Only the lines below starting at the one that contains "Q: Stroke contrast? A: Low." and ending at the one that contains "Q: Monospaced? A: No." are to be reproduced, exactly and with both ends kept.
*** Input data Section Begins ***
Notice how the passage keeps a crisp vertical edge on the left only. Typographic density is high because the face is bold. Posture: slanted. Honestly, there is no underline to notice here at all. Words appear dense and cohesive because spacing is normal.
*** Input data Section Ends ***
*** Input data Section Begins ***
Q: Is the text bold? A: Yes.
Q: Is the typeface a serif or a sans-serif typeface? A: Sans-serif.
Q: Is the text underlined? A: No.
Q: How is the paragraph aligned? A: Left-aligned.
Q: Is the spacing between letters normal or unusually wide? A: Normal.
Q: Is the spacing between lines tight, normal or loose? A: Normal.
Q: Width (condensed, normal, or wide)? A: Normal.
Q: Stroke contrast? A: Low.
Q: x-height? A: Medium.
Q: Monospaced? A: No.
*** Input data Section Ends ***
**Written answer**.
Q: Stroke contrast? A: Low.
Q: x-height? A: Medium.
Q: Monospaced? A: No.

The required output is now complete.